ANTI-MONEY LAUNDERING POLICY – Ethos.io

POLICY STATEMENT

These are the Anti-Money Laundering (AML) Policy and Procedures adopted by Ethos.io PTE (“Ethos”) Ethos is dedicated to building an open, safe and fair financial ecosystem that is compliant with any applicable Money Laundering, Terrorist Financing or similar criminal activity.  Ethos will actively prevent and take measures to guard against being used as a medium for money laundering activities and terrorism financing activities or any other activity that facilitates money laundering or the funding of terrorist or criminal activities.

To these ends:

  • The identities of all new and existing partners will be verified to a reasonable level of certainty
  • Any suspicious activity will be reported, and all AML activities recorded
  • Officers of the organization shall collectively coordinate the AML policies and procedures of Ethos.
  • Ethos shall strive to work with partners and businesses that adopt stringent AML and KYC policies and procedures.

ANTI-MONEY LAUNDERING PROCEDURES FOR Etho.io PTE

  1. DUE DILIGENCE

Ethos will conduct due diligence and have a Know-Your-Partner (KYC) policy for employees and contractors as well as any partner, business partner or counter-party (“partners”) and other business entities. This will also include directors and shareholders with a stake holding of 25% or more of Ethos or related entities, as well as every board member. Identities will be verified either online or face-to face or by a combination of both.

When acting as a counter-party for a transaction with an individual, Ethos will require identity verification with a valid government-issued document. This will be either a passport, driver’s license, or government issued document featuring a matching photograph of the individual, and a full name and date of birth matching those provided.

When conducting business with another business entity, Ethos will only interact with established and reputable businesses in good standing that also have stringent KYC and AML policies. If any business fails to provide reasonable certainty that it is duly organized, in good standing or without established KYC and AML policies, Ethos will not establish a business relationship or proceed with any transaction.

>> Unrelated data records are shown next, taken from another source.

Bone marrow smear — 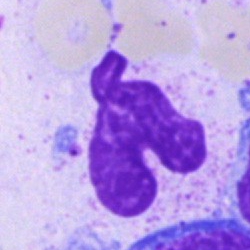
Single cell identified as an artifact.
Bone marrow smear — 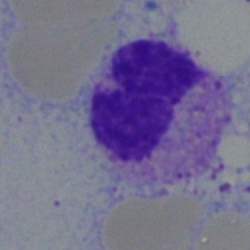Classification: neutrophil (band).
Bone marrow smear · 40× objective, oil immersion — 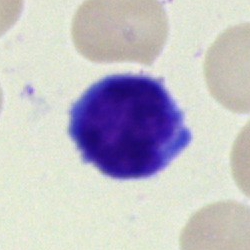

Q: What cell is this?
A: It is a lymphocyte.
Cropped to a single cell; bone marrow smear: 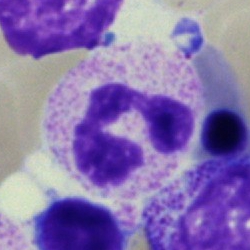Q: What type of cell is this?
A: A polymorphonuclear neutrophil.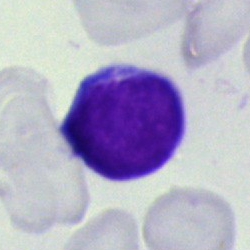Morphology — typical lymphocyte.
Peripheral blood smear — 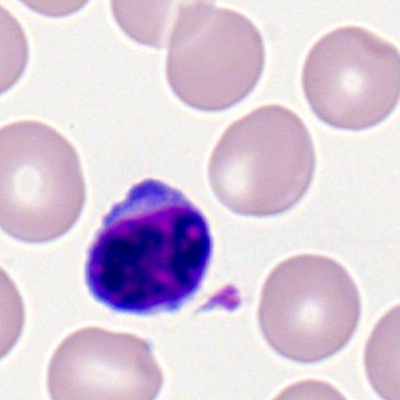Specimen: peripheral blood smear.
Classification: lymphocyte.
Lineage: lymphoid.
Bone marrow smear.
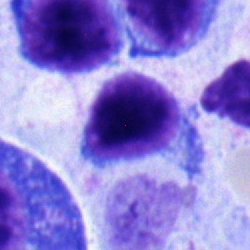

A lymphocyte.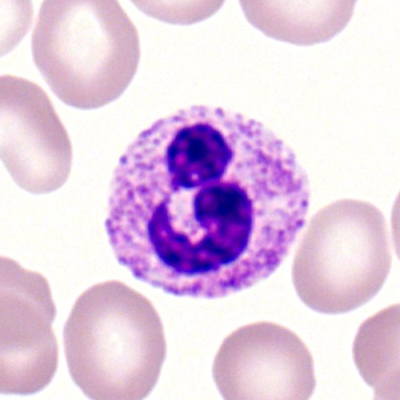 {"cell_type": "neutrophil (segmented)", "lineage": "myeloid"}
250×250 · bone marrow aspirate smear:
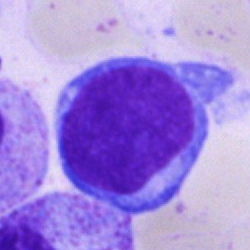 Morphology consistent with a blast.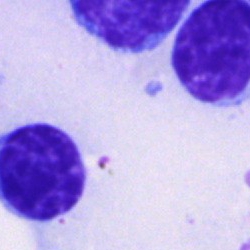
Cell = typical lymphocyte.
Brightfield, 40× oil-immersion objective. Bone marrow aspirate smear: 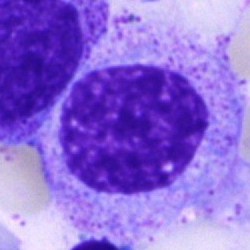 The cell shown is a progranulocyte.
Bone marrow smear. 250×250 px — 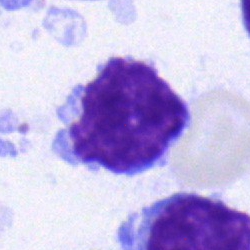
Specimen: bone marrow aspirate smear.
Classification: typical lymphocyte.
Lineage: lymphoid.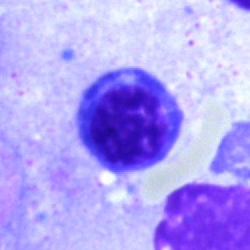

Q: Identify the cell.
A: Normoblast.
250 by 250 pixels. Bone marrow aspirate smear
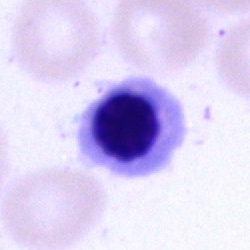

This is a normoblast.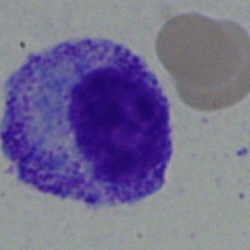

The cell shown is a myelocyte.
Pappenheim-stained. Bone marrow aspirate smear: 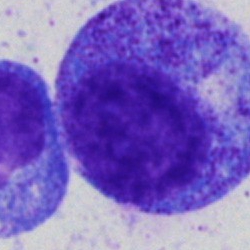 Q: What type of cell is this?
A: Promyelocyte.
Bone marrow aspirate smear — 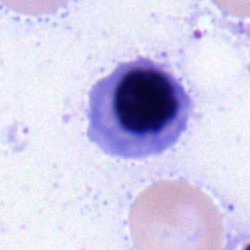 Morphological class — normoblast.
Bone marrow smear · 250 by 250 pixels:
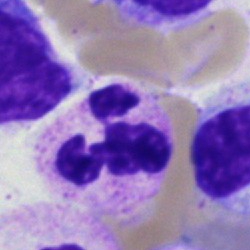Single cell identified as a neutrophil (segmented).
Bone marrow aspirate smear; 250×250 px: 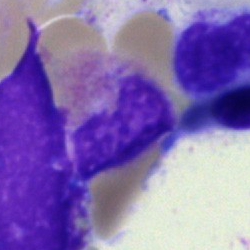 Morphological class — artifact.
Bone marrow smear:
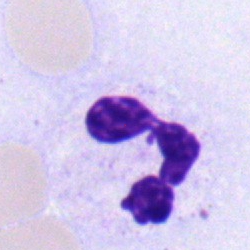

Morphology consistent with a polymorphonuclear neutrophil.
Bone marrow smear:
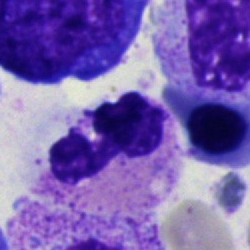
Q: Which cell type is shown here?
A: It is a polymorphonuclear neutrophil.
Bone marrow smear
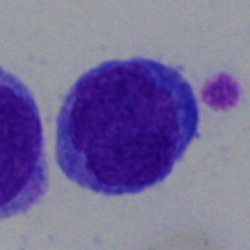
This is an undifferentiated blast.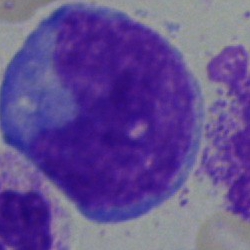 Impression → blast.
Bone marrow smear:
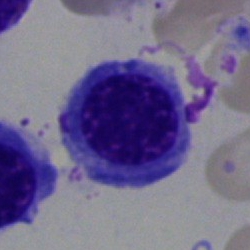A normoblast.
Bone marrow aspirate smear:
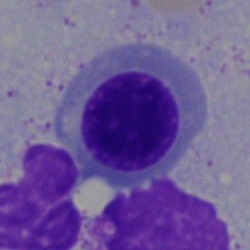 The classification is nucleated red blood cell.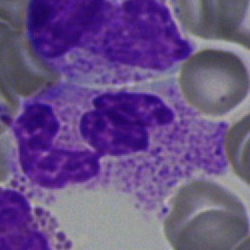

The cell type is polymorphonuclear neutrophil.
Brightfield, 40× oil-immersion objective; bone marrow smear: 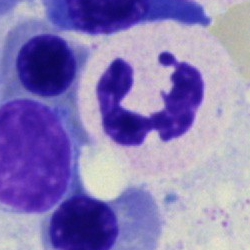 Q: What is the morphological classification of this cell?
A: This is a neutrophil (segmented).
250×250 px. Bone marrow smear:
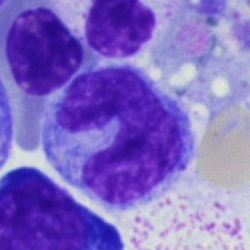Morphological class = monocyte.
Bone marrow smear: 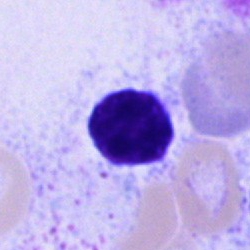

Lymphocyte.
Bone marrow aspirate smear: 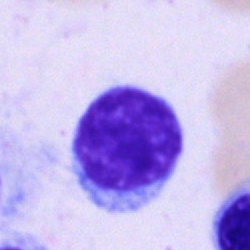
Classification = lymphocyte.
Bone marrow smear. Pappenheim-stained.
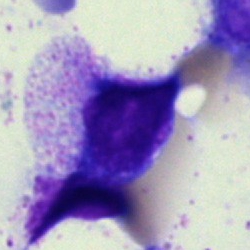Q: What is shown here?
A: An artifact.
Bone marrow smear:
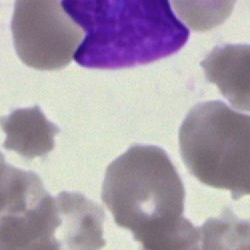Morphology consistent with an artifact.
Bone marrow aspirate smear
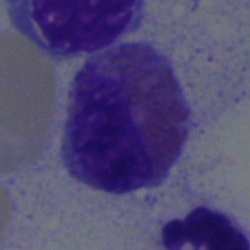Eosinophil.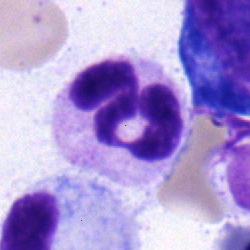

Q: What type of cell is this?
A: Neutrophil (segmented).
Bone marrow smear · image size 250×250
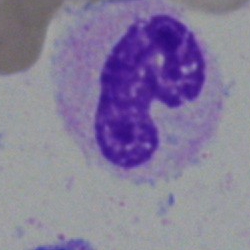
Showing a band neutrophil.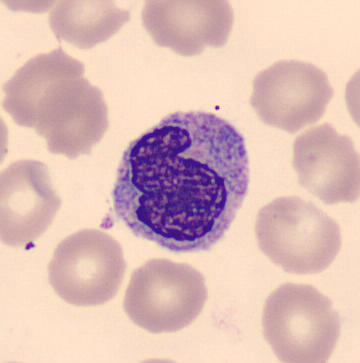

Preparation: Peripheral blood film.

The cell shown is a monocyte.
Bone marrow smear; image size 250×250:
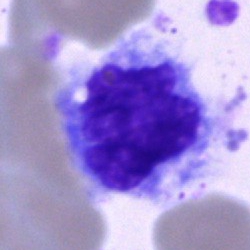Q: Which cell type is shown here?
A: It is a monocyte.
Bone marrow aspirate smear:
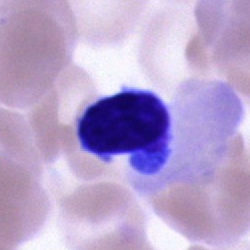

Specimen: bone marrow smear.
Classification: typical lymphocyte.
Lineage: lymphoid.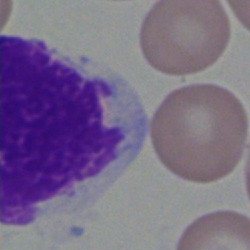

Q: What is shown here?
A: This is an artifact.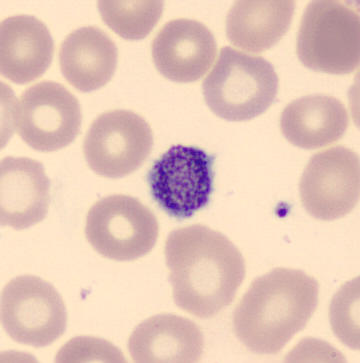
Image: Peripheral blood film.
Morphological class: platelet (thrombocyte).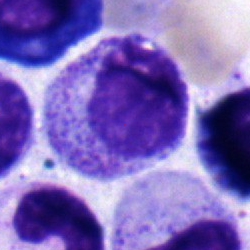{"cell_type": "myelocyte"}
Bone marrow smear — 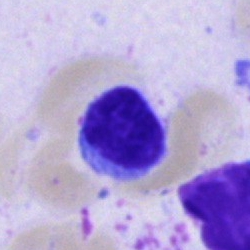
Q: What type of cell is this?
A: This is a typical lymphocyte.
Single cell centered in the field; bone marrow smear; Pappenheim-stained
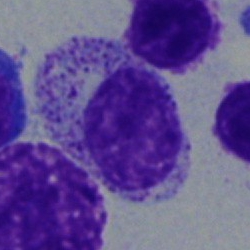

If a potential or existing partner either refuses to provide the information described above when requested, or appears to have intentionally provided misleading information, Ethos shall refuse to commence a business relationship or proceed with the transaction requested.

  1. RISK ASSESSMENT AND ONGOING MONITORING

Ethos will take a risk-based approach in monitoring its financial activities and that of its partners.

Ethos will actively not accept high-risk partners that are identified as follows:

  • Businesses that regularly handle large amount of cash (i.e. involving $10,000 USD or more) or complex unusually large transactions.
  • Businesses based in or conducting business in or through, a high-risk jurisdiction, or a jurisdiction with known higher levels of corruption, organized crime or drug production/distribution.
  • Situations where the source of funds cannot be easily verified.
  • Unusual patterns of transactions that have no apparent economic or visible lawful purpose.
  • Money sent to or received from areas known to have high levels of criminality or terrorist activity.

Ethos will conduct ongoing monitoring of business relationships with partners, to ensure that the documents, date or information held evidencing the customer’s identity are kept up to date.

The following are examples of changes in a partner situation that may be considered suspicious:

  • A sudden increase in business from an existing customer;
  • Uncharacteristic transactions which are not in keeping with the customer’s known activities;
  • Peaks of activity at particular locations or at particular times;
  • Unfamiliar or untypical types of customer or transaction.

Whenever there is cause for suspicion, the partner will be asked to identify and verify the source or destination of the transactions, whether they be individuals or company beneficial owners.

No action need be taken if there is no cause for suspicion.

  1. INTERNAL CONTROLS AND COMMUNICATION

Ethos shall maintain internal controls to ensure that all transactions are approved by management, recorded and journaled using enterprise-grade accounting software.

  1. MONITORING AND MANAGING COMPLIANCE

Ethos management will regularly monitor the following procedures to ensure they are being carried out in accordance with the AML policies and procedures of Ethos:

  • partner identity verification;
  • reporting suspicious transactions;
  • record keeping.

Changes will be made to the AML policies and procedures of Ethos when appropriate to ensure compliance.

  1. SUSPICIOUS ACTIVITY REPORTING

If Ethos identities suspicious activities, a Suspicious Activity Report (SAR) will be made to criminal authorities as soon as the knowledge or suspicion that criminal activities exist arises.

  1. RECORD-KEEPING

Records of any identity checks will be maintained for up to 5 years after the termination of Ethos relationship or 5 years from the date when the transaction was completed. Ethos will ensure that all documents, data or information held in evidence of customer identity are kept up to date.

All records will be handled in confidence, stored securely, and will be capable of being retrieved without undue delay.